**Work required**. I'd like the entries repeated exactly, pictures omitted.

**Source data**.
Content starts
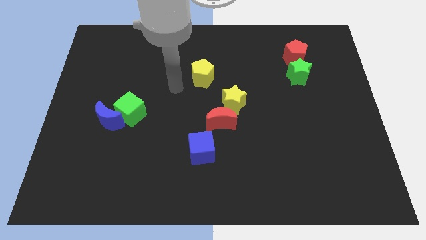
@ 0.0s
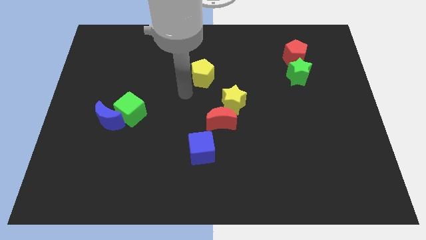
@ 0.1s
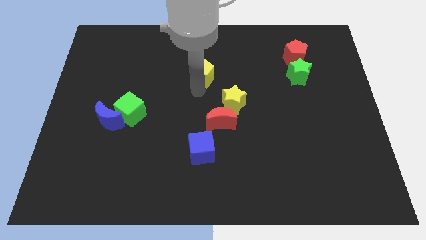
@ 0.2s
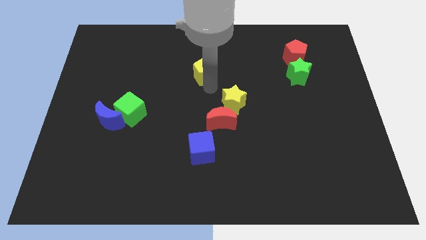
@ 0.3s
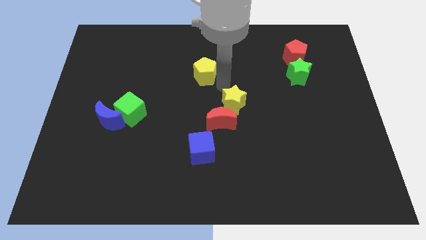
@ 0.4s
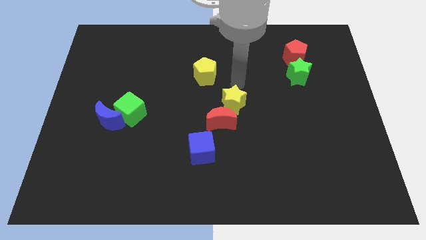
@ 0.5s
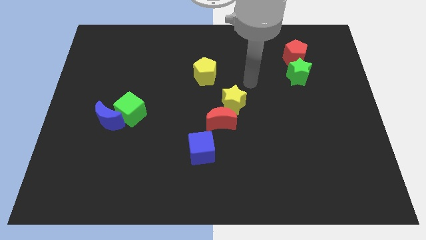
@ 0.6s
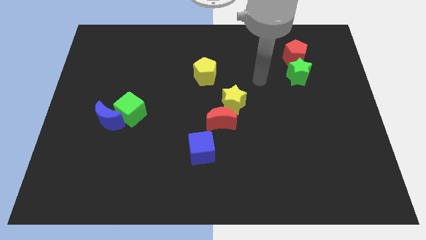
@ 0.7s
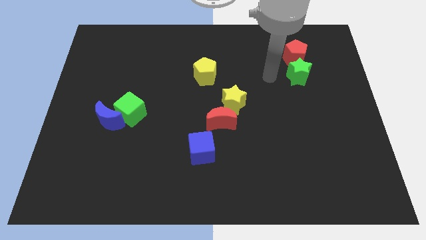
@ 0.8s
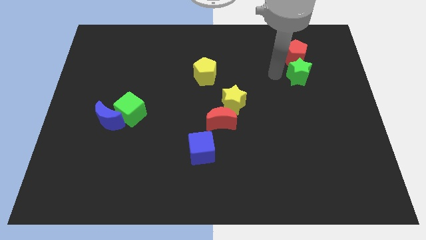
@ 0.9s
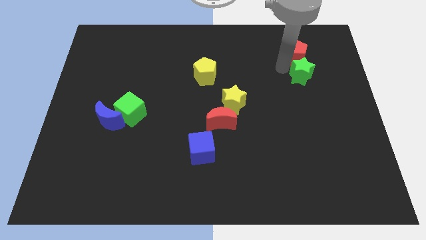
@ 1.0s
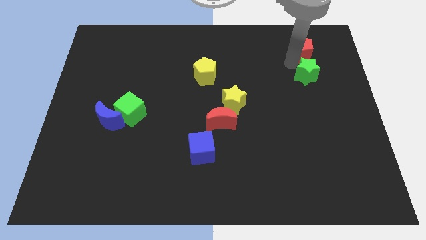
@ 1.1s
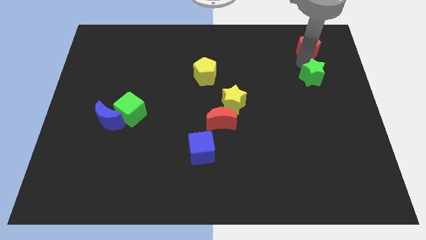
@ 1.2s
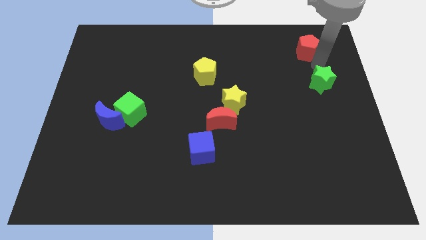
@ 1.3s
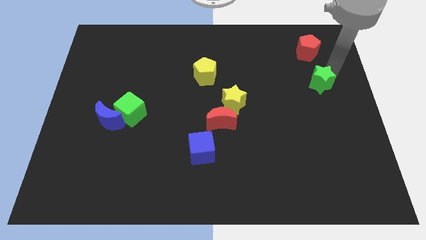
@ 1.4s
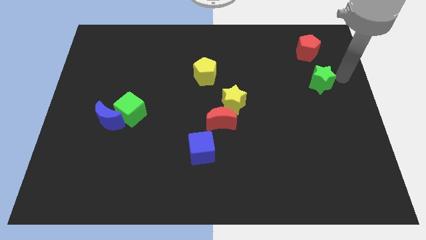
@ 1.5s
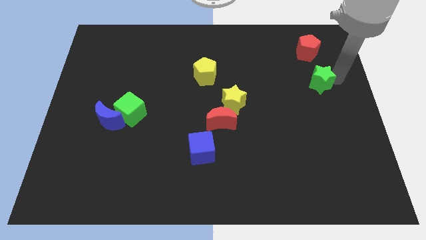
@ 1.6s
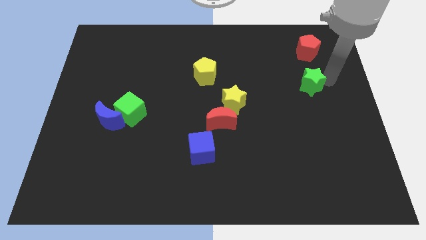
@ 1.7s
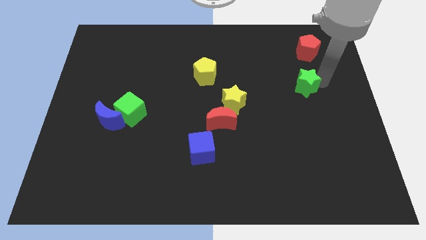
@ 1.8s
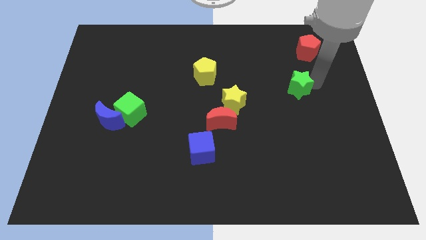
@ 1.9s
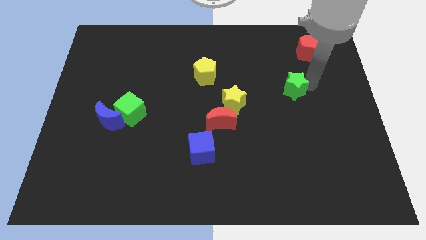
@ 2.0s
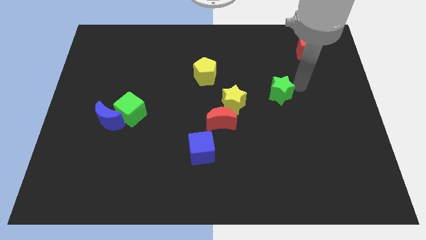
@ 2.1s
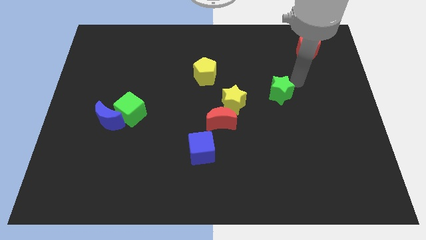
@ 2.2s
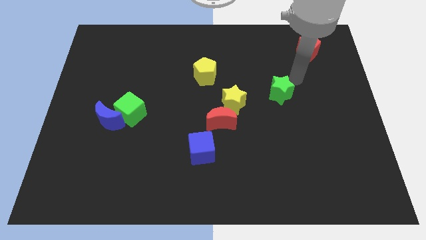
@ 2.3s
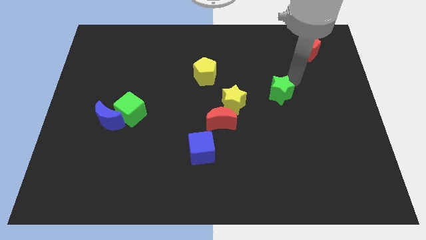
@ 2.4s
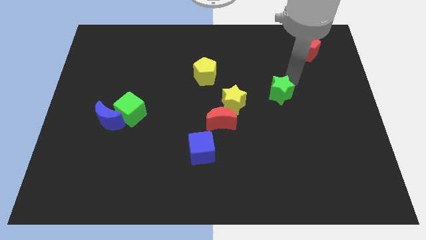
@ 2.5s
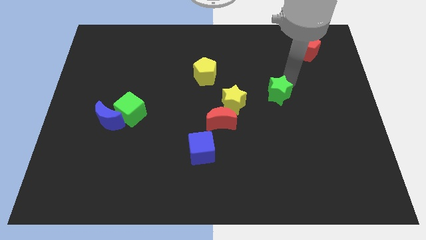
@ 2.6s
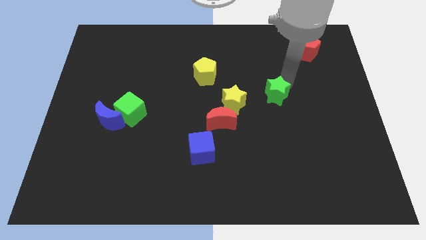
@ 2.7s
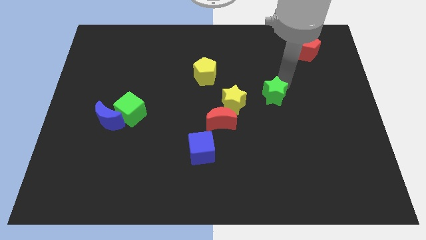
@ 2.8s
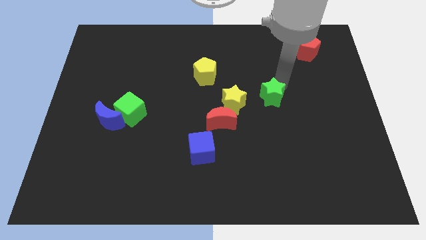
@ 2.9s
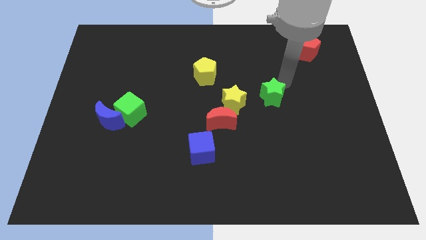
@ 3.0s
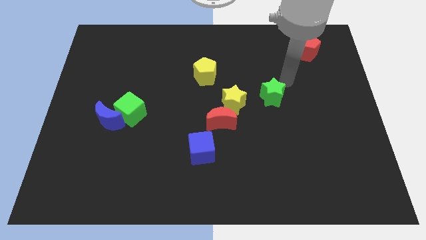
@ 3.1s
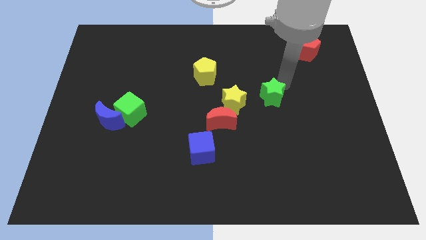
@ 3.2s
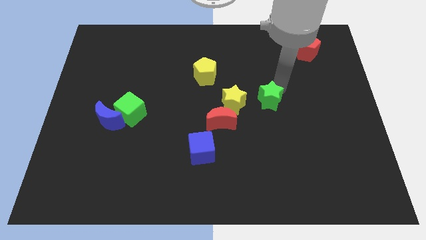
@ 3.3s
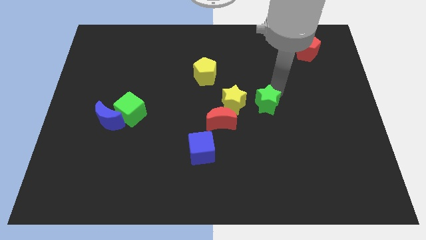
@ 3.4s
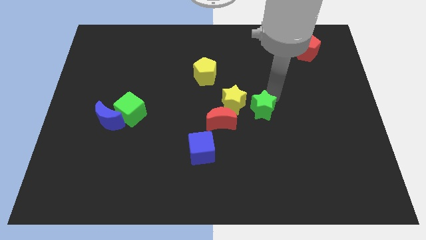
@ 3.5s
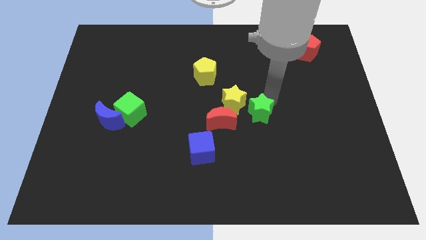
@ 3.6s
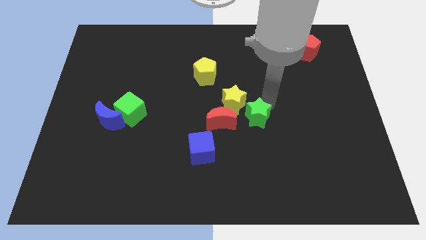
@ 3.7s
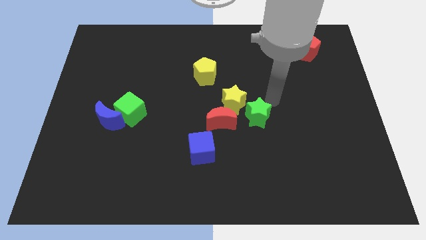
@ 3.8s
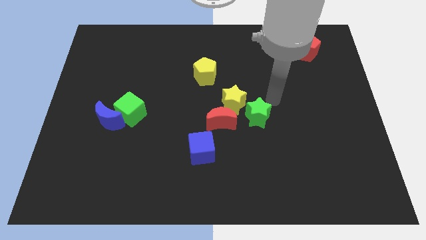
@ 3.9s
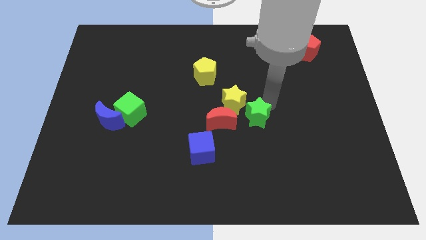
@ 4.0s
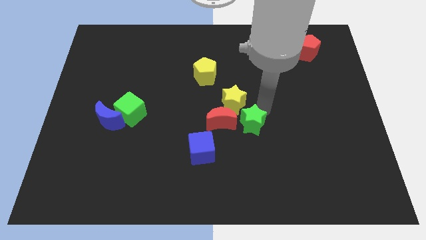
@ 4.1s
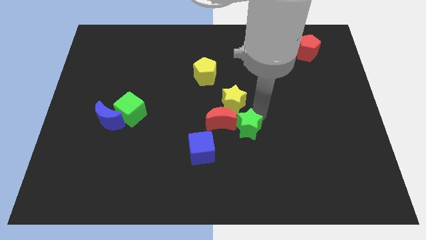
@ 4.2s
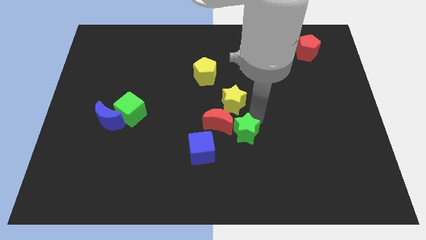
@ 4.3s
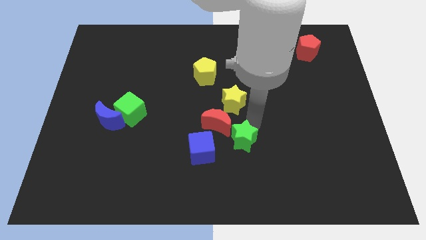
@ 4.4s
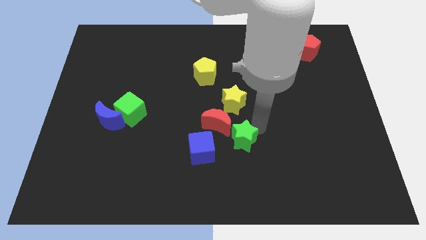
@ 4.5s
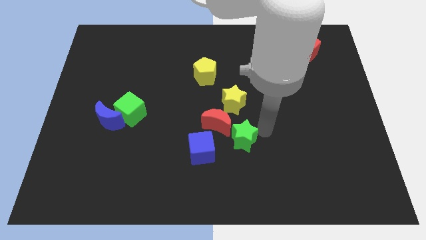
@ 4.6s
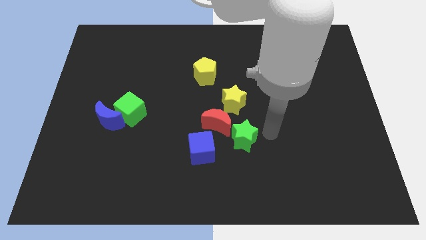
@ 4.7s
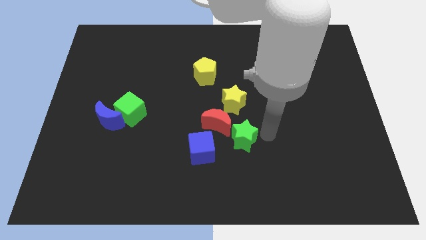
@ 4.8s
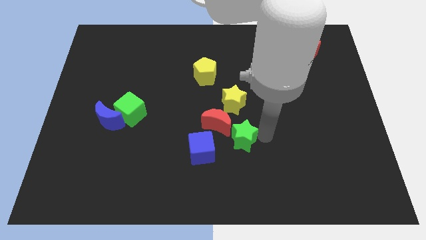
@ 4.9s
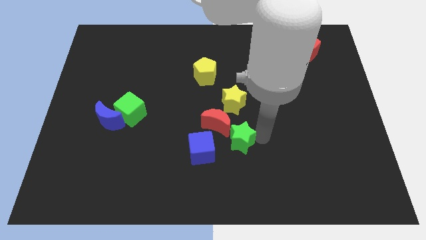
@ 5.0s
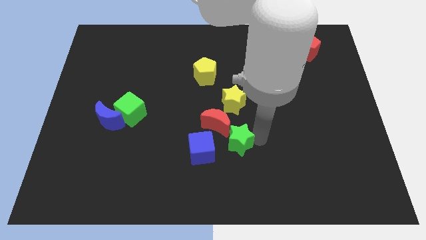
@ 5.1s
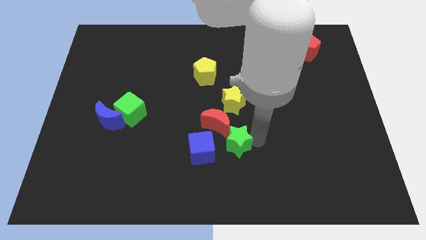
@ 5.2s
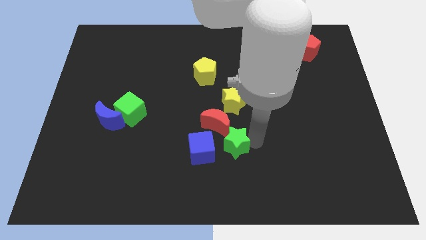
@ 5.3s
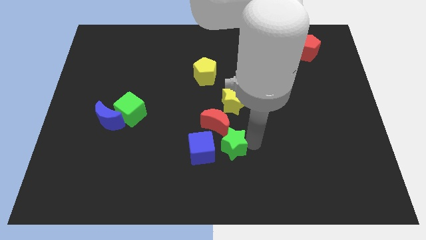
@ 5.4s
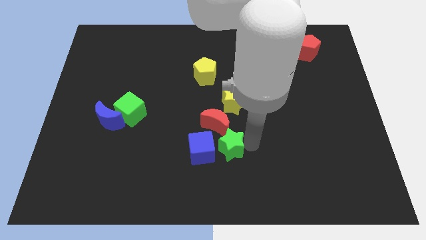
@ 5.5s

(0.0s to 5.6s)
move the green star next to the blue cube
Content ends
**Result below**.
@ 0.0s
@ 0.1s
@ 0.2s
@ 0.3s
@ 0.4s
@ 0.5s
@ 0.6s
@ 0.7s
@ 0.8s
@ 0.9s
@ 1.0s
@ 1.1s
@ 1.2s
@ 1.3s
@ 1.4s
@ 1.5s
@ 1.6s
@ 1.7s
@ 1.8s
@ 1.9s
@ 2.0s
@ 2.1s
@ 2.2s
@ 2.3s
@ 2.4s
@ 2.5s
@ 2.6s
@ 2.7s
@ 2.8s
@ 2.9s
@ 3.0s
@ 3.1s
@ 3.2s
@ 3.3s
@ 3.4s
@ 3.5s
@ 3.6s
@ 3.7s
@ 3.8s
@ 3.9s
@ 4.0s
@ 4.1s
@ 4.2s
@ 4.3s
@ 4.4s
@ 4.5s
@ 4.6s
@ 4.7s
@ 4.8s
@ 4.9s
@ 5.0s
@ 5.1s
@ 5.2s
@ 5.3s
@ 5.4s
@ 5.5s

(0.0s to 5.6s)
move the green star next to the blue cube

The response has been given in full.